Letters to the editor — Wednesday (12-3-14)

Published 6:25 pm Tuesday, December 2, 2014

Why produce coal ash in first place?

Are there any real beneficial uses to coal ash? Did we not go through this with asbestos? Would it be best not to produce coal ash in the first place?

We contaminate the air from every step in the coal use process. We’ve seen the investor benefits, with Duke never missing an opportunity for profit and their public resistance to change. They worried that the clean smokestacks law would cripple our energy economy. As profits continue, we know that is not the case.

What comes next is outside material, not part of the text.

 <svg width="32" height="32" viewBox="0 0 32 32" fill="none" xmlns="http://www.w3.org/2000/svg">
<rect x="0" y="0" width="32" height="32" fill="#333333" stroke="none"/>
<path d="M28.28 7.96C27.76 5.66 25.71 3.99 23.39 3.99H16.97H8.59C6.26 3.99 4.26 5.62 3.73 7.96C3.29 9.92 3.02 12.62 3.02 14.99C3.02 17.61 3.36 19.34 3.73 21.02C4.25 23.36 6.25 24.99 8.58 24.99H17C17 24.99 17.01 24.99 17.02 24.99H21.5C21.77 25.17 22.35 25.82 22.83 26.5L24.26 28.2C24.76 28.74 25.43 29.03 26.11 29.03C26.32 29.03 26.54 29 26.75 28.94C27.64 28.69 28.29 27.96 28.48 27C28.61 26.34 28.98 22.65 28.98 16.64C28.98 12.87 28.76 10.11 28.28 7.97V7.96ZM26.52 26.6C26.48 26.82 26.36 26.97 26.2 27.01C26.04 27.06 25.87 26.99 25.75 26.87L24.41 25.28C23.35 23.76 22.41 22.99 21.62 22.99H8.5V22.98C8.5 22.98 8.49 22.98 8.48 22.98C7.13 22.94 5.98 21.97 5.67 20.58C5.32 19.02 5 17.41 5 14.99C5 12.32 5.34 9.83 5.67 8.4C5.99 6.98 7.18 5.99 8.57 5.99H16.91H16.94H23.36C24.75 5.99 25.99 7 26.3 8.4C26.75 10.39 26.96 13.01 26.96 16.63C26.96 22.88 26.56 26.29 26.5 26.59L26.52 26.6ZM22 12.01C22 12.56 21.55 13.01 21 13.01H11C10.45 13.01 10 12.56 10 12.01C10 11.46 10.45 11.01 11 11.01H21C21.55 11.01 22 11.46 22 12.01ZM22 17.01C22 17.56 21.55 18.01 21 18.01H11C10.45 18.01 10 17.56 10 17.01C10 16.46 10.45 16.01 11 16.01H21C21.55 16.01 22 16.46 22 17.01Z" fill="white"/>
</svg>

Some worry that the new EPA rules will stifle our economy; it is just not true. We see that Duke has quietly, since 2005, reduced its dependence on coal for energy production from 55 percent to 38 percent, increased its scrubbing of emissions from 80 percent to 96 percent this year and reduced its production of coal ash by default.

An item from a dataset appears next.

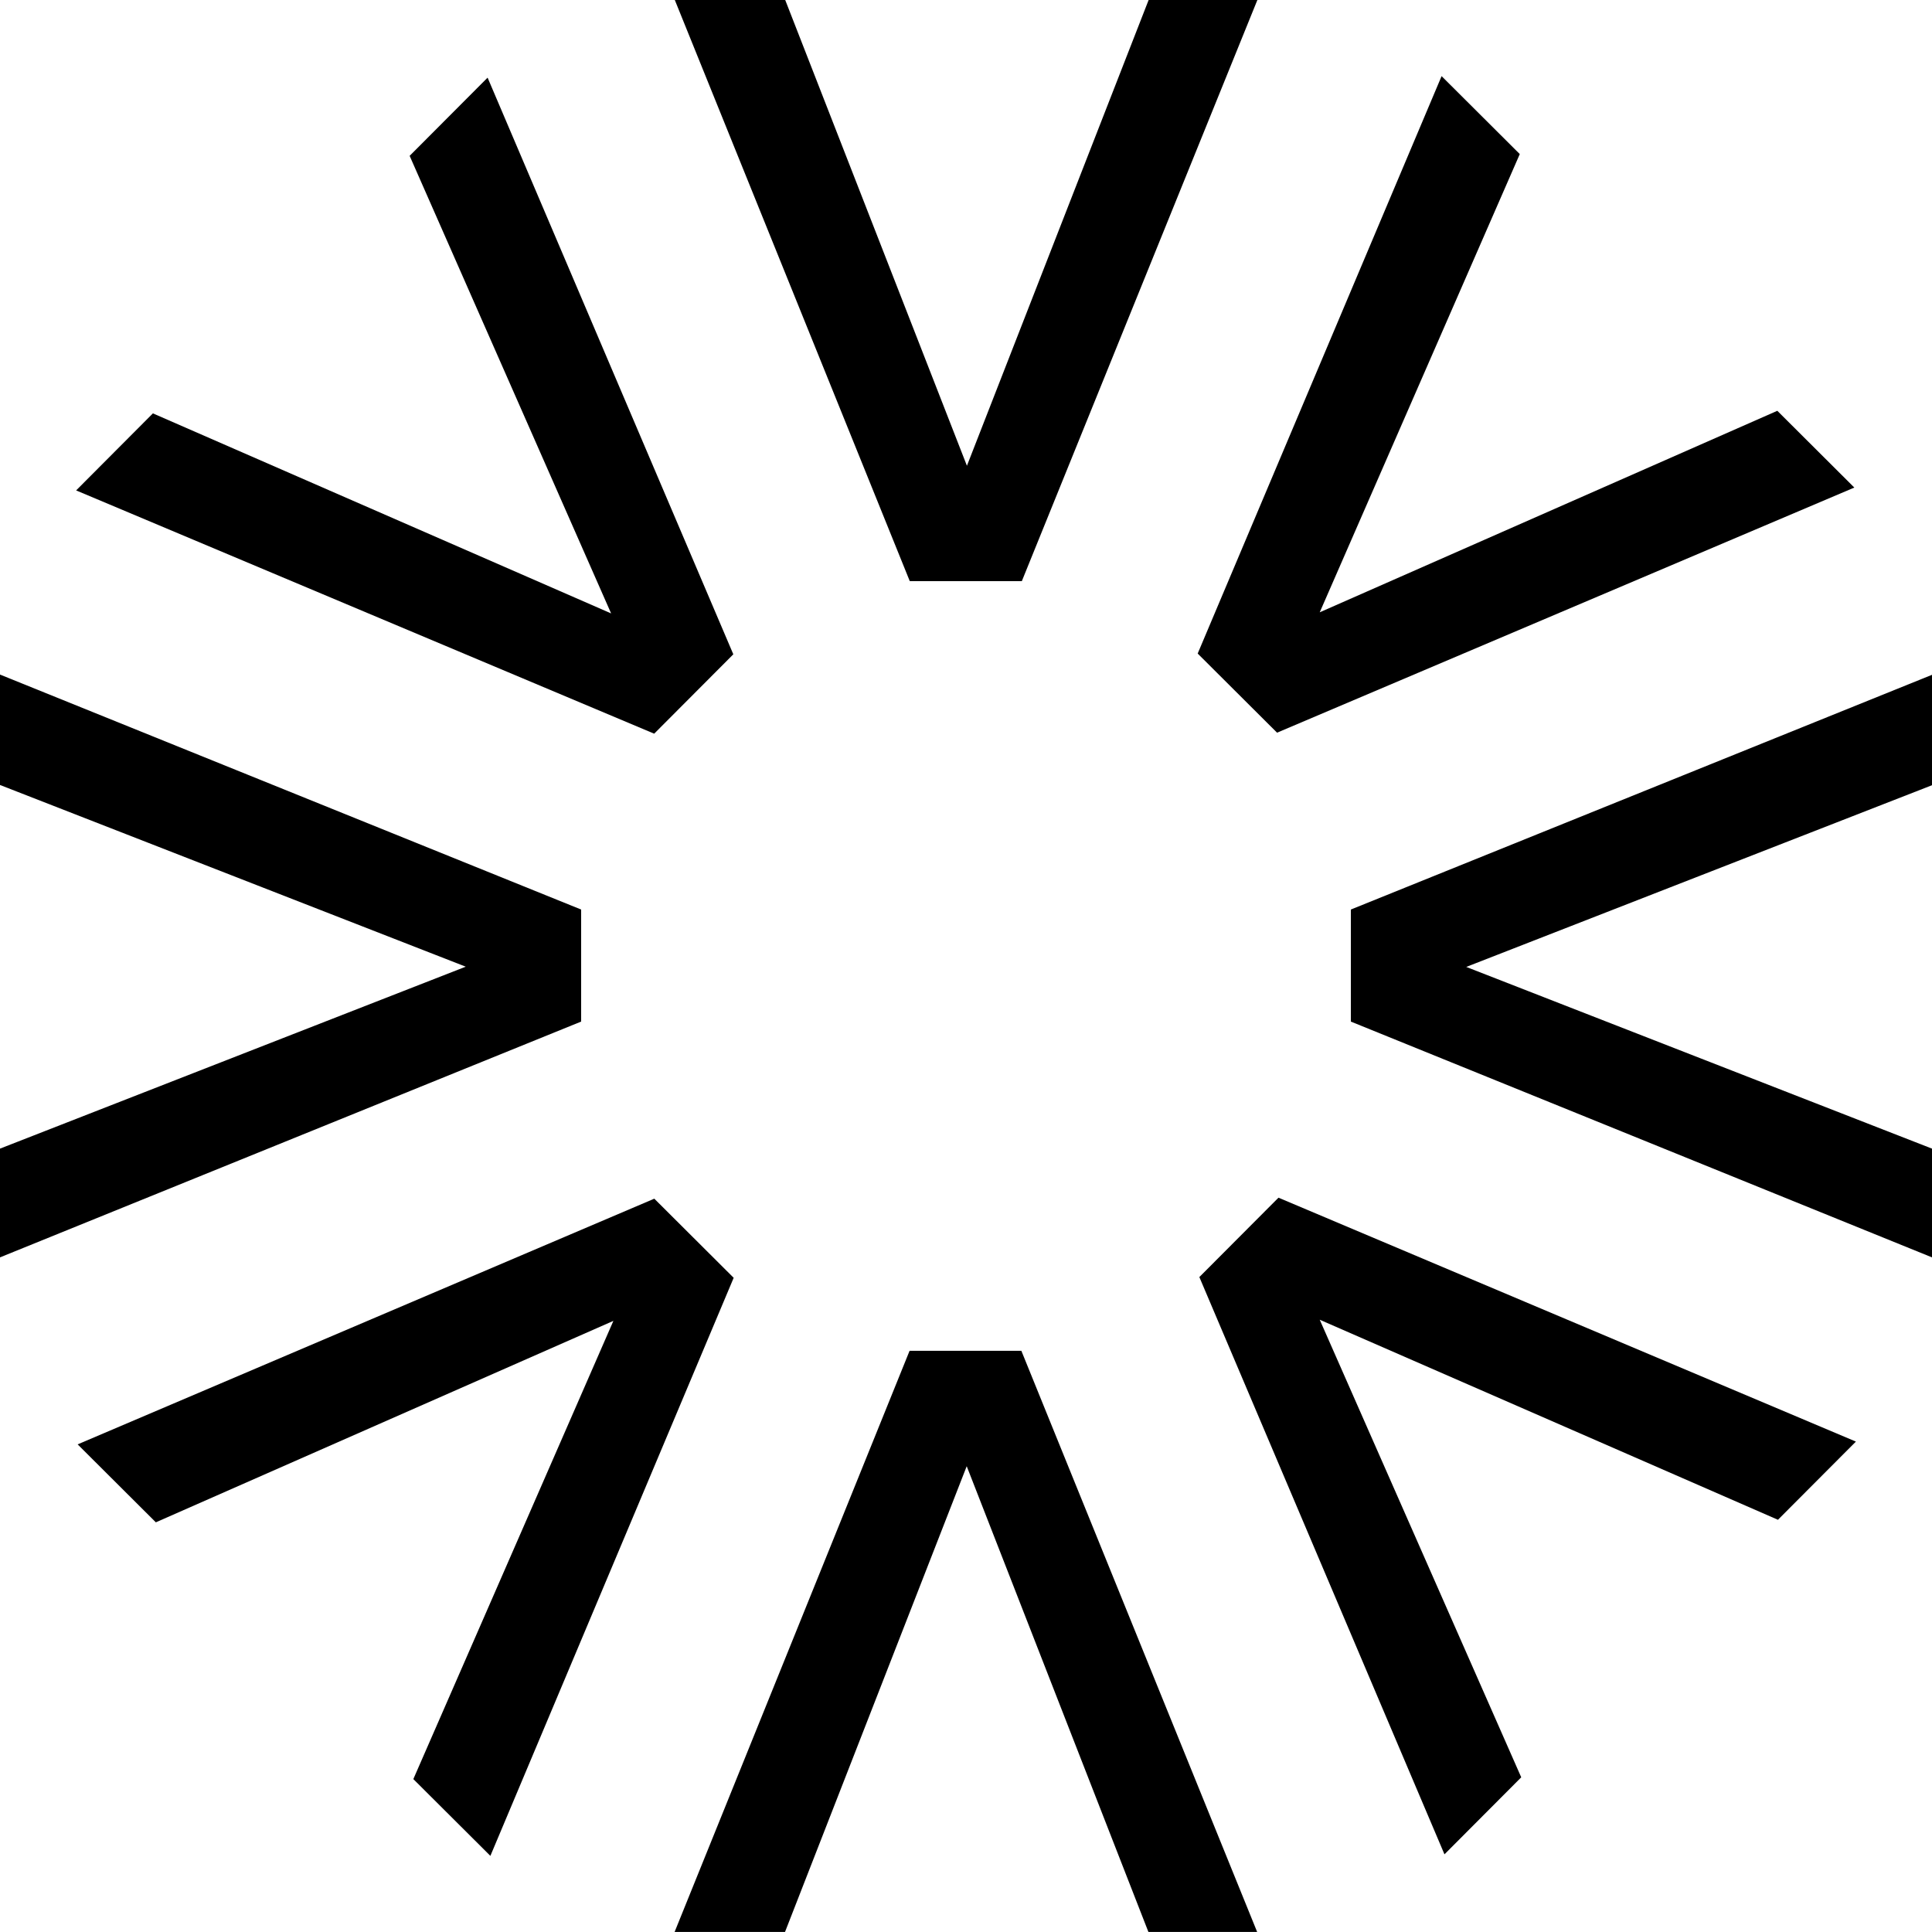 <?xml version="1.0" encoding="UTF-8"?> <svg xmlns="http://www.w3.org/2000/svg" width="63.797" height="63.797" viewBox="0 0 63.797 63.797"><g id="Group_470" data-name="Group 470" transform="translate(0 0)"><path id="Path_439" data-name="Path 439" d="M149.262,0l-6,15.38-6-15.38h-3.646l7.759,19.19h3.7L152.853,0Z" transform="translate(-111.333)"></path><path id="Path_440" data-name="Path 440" d="M141.367,267.546l-7.759,19.19h3.646l6-15.38,6,15.38h3.591l-7.786-19.19Z" transform="translate(-111.332 -222.94)"></path><path id="Path_441" data-name="Path 441" d="M245.27,15.077l2.582,2.574-6.606,15.131,15.11-6.654,2.543,2.535-19.062,8.094-2.621-2.613Z" transform="translate(-197.667 -12.563)"></path><path id="Path_442" data-name="Path 442" d="M34.419,237.413l2.621,2.613-8.034,19.088-2.544-2.535,6.606-15.131L17.959,248.1l-2.582-2.574Z" transform="translate(-12.813 -197.831)"></path><path id="Path_443" data-name="Path 443" d="M267.547,141.366v3.7l19.19,7.786v-3.591l-15.38-6,15.38-6v-3.646Z" transform="translate(-222.94 -111.332)"></path><path id="Path_444" data-name="Path 444" d="M0,137.255l15.379,6L0,149.263v3.591l19.19-7.786v-3.7L0,133.609Z" transform="translate(0 -111.334)"></path><path id="Path_445" data-name="Path 445" d="M259.211,245.27l-2.574,2.582-15.131-6.606,6.654,15.11-2.535,2.543-8.094-19.062,2.613-2.621Z" transform="translate(-197.927 -197.667)"></path><path id="Path_446" data-name="Path 446" d="M36.778,34.419,34.165,37.04,15.077,29.007l2.535-2.544,15.131,6.606L26.09,17.959l2.574-2.582Z" transform="translate(-12.563 -12.813)"></path></g></svg>

We can end the production of coal ash in our lifetime, reduce emissions from coal and translate our profit structure in the energy sector to a more environmentally responsible one and create jobs producing clean energy, if we support the EPA plan to reduce our carbon emissions.

— Terry Lansdell

Charlotte

Men sing of glory

As you are making plans to celebrate Christmas, don’t neglect to put the Salisbury Men’s Chorus Concert Sing We Now of Christmas, on Sunday, Dec. 7 at 4 p.m. on top of your list.

The Advent concert is not performed by distant individuals paid to travel into town. These are faces of men you have met in our schools, local businesses, grocery stores and post offices. These are fathers supporting their kids’ teams in Little League, doctors who deliver babies, and retirees who give back to the community through volunteer work.

These are the tenors and baritones of real life who truly understand the hills and valleys of musical crescendos and decrescendos.

There is something infinitely special hearing the voices of men forged by the heroics of daily life, fueled by a passion to glorify God, and directed by the angelic Rosemary Kinard that kindles hearts to greater warmth and moves souls to richer compassion.

Skip the mall and visit St. John’s main sanctuary on Sunday for a Christmas event that will resound within you for many weeks. I can’t wait!